From fa81a51ac932adf182629c44a613d722dc680f58 Mon Sep 17 00:00:00 2001
From: Matthew Somerville <matthew-github@dracos.co.uk>
Date: Fri, 13 May 2016 13:51:37 +0100
Subject: [PATCH 2/7] Bring regexes more in line with RFC5322.

FWS is still brought in as \s+ for simplicity.
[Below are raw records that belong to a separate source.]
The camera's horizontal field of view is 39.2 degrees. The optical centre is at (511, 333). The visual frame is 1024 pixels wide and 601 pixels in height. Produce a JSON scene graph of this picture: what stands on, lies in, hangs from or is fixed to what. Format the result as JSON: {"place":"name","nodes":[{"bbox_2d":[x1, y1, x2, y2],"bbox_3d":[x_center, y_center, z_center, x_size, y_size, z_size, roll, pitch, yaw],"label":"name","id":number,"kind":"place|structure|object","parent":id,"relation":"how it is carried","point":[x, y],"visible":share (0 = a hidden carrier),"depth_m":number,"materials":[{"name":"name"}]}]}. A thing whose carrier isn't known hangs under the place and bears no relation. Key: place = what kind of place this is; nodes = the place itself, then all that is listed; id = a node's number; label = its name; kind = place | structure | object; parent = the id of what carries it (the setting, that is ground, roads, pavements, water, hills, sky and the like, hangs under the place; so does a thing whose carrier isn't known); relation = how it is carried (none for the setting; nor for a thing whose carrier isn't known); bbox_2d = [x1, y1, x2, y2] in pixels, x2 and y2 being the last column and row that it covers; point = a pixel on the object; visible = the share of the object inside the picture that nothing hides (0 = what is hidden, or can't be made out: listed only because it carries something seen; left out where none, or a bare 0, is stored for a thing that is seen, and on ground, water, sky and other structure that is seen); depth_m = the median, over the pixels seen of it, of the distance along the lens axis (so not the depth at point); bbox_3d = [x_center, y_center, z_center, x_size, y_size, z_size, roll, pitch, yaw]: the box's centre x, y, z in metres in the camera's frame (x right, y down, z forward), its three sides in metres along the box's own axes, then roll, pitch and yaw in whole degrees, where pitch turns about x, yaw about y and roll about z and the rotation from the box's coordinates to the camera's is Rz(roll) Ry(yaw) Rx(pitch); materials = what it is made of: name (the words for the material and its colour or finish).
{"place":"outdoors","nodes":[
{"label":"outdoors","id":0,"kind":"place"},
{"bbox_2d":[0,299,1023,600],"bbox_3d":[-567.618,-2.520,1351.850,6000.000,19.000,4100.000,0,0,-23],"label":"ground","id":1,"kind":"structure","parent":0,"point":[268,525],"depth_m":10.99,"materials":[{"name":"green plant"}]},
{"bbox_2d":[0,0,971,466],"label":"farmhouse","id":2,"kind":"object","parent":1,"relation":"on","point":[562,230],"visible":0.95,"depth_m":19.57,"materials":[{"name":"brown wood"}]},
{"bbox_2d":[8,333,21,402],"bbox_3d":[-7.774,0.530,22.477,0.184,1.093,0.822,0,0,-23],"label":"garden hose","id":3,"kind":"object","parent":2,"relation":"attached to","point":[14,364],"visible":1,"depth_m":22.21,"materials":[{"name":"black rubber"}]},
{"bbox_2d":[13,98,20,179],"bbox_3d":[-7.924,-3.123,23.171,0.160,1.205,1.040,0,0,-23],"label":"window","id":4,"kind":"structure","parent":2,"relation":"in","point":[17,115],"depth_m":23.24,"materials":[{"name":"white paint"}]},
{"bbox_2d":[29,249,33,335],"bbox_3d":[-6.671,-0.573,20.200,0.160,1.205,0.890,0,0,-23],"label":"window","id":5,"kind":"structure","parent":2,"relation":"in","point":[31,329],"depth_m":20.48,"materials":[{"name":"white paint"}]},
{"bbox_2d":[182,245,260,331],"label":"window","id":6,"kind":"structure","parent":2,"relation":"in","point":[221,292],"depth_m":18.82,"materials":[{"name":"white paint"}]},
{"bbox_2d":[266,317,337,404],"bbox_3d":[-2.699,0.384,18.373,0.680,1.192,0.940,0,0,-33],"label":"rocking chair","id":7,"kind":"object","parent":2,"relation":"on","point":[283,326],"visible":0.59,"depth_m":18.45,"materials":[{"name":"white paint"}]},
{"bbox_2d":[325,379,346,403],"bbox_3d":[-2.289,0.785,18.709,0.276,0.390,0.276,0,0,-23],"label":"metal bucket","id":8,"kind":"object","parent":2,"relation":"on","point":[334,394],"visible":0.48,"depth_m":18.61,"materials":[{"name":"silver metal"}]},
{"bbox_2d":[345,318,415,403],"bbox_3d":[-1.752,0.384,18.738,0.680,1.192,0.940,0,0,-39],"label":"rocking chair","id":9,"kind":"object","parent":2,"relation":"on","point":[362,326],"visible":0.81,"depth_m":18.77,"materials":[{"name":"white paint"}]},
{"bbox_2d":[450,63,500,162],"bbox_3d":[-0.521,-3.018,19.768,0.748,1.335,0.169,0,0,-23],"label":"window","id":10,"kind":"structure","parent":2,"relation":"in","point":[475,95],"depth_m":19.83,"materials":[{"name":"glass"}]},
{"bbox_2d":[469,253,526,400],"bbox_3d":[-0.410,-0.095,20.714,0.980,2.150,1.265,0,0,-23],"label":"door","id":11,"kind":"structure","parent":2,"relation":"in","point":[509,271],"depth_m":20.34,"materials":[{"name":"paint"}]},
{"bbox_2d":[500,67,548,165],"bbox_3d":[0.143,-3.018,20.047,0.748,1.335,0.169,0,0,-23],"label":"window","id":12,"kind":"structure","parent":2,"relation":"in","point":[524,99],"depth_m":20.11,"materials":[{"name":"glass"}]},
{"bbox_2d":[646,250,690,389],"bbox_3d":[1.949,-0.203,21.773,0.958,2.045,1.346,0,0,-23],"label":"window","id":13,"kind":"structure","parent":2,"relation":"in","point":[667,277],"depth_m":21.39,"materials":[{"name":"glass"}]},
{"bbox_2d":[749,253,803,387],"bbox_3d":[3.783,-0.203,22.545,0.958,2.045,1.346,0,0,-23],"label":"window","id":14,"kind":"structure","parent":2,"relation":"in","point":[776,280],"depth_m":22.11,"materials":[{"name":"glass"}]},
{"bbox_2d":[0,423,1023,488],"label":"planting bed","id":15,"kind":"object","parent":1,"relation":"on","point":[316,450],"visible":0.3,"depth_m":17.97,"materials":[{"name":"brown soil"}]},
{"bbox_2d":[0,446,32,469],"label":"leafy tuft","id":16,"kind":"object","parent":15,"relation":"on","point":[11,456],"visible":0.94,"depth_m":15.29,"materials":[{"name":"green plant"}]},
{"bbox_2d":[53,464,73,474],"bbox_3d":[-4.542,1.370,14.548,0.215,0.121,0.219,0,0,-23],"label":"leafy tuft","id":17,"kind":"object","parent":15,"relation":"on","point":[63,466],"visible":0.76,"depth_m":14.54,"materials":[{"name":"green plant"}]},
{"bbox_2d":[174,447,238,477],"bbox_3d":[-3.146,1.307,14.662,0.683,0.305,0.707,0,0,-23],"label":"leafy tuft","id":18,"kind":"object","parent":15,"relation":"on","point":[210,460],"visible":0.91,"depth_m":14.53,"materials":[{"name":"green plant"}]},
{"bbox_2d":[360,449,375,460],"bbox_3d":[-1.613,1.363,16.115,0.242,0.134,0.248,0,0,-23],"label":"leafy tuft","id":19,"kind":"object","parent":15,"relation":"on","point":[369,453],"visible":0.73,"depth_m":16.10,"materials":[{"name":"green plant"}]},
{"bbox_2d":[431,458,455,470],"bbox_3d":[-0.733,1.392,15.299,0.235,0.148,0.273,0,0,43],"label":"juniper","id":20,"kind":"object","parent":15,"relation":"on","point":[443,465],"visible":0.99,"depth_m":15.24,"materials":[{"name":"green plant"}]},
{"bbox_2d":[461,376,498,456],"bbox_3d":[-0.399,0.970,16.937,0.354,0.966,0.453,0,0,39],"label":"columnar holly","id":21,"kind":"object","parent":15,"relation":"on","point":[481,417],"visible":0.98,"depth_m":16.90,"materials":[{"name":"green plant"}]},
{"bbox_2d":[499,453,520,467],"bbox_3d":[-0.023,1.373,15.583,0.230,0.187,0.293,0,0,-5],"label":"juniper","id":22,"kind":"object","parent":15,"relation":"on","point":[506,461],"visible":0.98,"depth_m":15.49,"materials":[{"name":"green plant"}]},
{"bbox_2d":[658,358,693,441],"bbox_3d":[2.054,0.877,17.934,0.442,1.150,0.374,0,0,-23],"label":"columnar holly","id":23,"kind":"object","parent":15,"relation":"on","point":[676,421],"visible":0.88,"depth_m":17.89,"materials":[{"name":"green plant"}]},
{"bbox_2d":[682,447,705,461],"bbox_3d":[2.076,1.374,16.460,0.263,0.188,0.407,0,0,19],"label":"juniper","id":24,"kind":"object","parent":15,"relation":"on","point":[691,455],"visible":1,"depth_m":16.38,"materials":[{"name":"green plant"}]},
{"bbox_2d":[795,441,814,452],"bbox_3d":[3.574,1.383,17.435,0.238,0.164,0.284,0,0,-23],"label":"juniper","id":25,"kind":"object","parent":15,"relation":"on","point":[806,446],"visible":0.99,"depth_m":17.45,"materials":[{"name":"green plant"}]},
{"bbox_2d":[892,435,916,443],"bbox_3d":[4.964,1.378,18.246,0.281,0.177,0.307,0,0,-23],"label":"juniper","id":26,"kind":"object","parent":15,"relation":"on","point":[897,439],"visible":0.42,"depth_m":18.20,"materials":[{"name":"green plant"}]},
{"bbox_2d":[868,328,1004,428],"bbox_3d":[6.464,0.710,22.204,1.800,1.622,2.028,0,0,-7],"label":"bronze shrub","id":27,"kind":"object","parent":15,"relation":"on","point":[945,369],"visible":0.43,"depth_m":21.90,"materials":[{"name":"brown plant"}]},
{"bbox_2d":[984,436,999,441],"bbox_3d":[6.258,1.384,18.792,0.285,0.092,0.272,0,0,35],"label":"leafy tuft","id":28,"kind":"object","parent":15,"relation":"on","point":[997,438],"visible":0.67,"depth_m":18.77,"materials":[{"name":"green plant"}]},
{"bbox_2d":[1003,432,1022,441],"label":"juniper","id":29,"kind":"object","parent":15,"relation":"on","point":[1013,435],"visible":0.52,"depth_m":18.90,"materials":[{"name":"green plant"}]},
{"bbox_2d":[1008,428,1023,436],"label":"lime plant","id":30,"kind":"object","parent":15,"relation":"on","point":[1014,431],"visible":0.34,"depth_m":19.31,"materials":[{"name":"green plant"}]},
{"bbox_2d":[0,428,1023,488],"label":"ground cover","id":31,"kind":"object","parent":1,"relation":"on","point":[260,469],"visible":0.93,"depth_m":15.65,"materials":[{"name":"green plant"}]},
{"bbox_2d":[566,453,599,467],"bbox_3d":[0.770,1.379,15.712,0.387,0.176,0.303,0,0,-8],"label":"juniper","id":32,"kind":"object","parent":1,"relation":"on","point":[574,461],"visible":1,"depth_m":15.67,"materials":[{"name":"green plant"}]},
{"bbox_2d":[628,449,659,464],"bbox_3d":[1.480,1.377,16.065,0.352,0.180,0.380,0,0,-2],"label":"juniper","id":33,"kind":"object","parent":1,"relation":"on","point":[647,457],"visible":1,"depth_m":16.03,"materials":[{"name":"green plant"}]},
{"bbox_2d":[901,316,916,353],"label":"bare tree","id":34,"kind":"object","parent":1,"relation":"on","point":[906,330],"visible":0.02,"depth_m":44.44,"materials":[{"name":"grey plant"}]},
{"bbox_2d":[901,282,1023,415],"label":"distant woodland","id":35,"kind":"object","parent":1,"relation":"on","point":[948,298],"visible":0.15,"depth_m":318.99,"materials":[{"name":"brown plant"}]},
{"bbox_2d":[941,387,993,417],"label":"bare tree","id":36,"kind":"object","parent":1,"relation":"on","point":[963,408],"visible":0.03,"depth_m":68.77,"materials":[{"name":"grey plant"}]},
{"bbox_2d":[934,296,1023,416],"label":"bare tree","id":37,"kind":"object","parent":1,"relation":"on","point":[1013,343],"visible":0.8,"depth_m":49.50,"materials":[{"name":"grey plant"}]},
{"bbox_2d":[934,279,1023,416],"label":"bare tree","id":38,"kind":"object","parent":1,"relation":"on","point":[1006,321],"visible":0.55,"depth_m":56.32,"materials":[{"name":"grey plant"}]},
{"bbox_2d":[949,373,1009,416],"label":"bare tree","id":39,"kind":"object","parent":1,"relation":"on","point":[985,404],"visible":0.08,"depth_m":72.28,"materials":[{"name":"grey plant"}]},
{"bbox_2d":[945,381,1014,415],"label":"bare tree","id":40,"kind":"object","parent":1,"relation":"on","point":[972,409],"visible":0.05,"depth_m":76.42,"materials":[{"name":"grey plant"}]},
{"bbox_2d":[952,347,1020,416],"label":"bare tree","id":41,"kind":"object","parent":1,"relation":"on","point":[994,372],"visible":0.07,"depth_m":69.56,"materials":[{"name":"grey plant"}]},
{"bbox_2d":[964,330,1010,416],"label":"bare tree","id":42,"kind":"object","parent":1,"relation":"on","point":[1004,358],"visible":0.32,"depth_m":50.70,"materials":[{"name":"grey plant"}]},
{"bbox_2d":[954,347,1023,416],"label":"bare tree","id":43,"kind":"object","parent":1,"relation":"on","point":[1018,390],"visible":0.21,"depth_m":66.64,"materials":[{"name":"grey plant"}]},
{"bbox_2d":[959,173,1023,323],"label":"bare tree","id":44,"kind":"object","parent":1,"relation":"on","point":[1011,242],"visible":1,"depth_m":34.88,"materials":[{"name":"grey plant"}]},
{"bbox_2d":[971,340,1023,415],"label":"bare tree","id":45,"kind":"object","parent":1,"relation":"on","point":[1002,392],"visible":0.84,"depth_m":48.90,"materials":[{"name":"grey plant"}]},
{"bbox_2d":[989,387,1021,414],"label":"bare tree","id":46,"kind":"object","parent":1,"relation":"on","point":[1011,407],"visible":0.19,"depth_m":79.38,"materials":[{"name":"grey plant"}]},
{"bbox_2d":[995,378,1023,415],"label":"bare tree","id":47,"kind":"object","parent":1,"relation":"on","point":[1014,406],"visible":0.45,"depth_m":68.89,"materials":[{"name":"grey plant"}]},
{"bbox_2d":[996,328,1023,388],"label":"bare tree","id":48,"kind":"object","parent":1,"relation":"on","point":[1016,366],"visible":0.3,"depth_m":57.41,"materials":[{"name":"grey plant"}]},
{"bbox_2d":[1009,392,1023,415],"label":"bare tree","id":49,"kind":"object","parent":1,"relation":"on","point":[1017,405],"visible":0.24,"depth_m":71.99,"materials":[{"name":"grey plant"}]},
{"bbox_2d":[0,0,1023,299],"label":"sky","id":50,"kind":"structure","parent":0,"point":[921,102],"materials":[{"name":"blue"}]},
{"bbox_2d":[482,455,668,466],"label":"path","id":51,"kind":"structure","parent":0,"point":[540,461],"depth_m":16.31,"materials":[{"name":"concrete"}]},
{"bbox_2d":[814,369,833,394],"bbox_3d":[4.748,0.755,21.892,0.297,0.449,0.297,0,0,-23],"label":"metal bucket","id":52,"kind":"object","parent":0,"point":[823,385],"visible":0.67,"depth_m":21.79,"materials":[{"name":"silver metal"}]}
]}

The obs_phrase test in
comment passes fine, so remove that code; space backtracking problems
will be fixed in the next commit.

This commit actually fixes the original example in #10 as $comment is
much simplified.

Update test to pass; test is actually incorrect in that the "comment"
should not be removed (RT#80665).
---
 lib/Email/Address.pm | 33 ++++++++-------------------------
 t/tests.t            |  2 +-
 2 files changed, 9 insertions(+), 26 deletions(-)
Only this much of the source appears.